▸ Task statement: Print the line containing "Q: Is the typeface" and every line after it exactly as written, through the end of the records.

********************

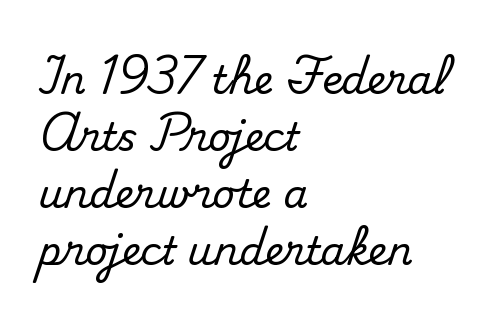
Q: Is the text italic (slanted)? A: Yes.
Q: Is the typeface a serif or a sans-serif typeface? A: Serif.
Q: Is the text underlined? A: No.
Q: How is the paragraph aligned? A: Left-aligned.
Q: Is the spacing between letters normal or unusually wide? A: Normal.
Q: Is the spacing between lines tight, normal or loose? A: Normal.
Q: Width (condensed, normal, or wide)? A: Normal.
Q: Stroke contrast? A: Medium.
Q: x-height? A: Small.
Q: Monospaced? A: No.

********************

▸ Finished exercise:
Q: Is the typeface a serif or a sans-serif typeface? A: Serif.
Q: Is the text underlined? A: No.
Q: How is the paragraph aligned? A: Left-aligned.
Q: Is the spacing between letters normal or unusually wide? A: Normal.
Q: Is the spacing between lines tight, normal or loose? A: Normal.
Q: Width (condensed, normal, or wide)? A: Normal.
Q: Stroke contrast? A: Medium.
Q: x-height? A: Small.
Q: Monospaced? A: No.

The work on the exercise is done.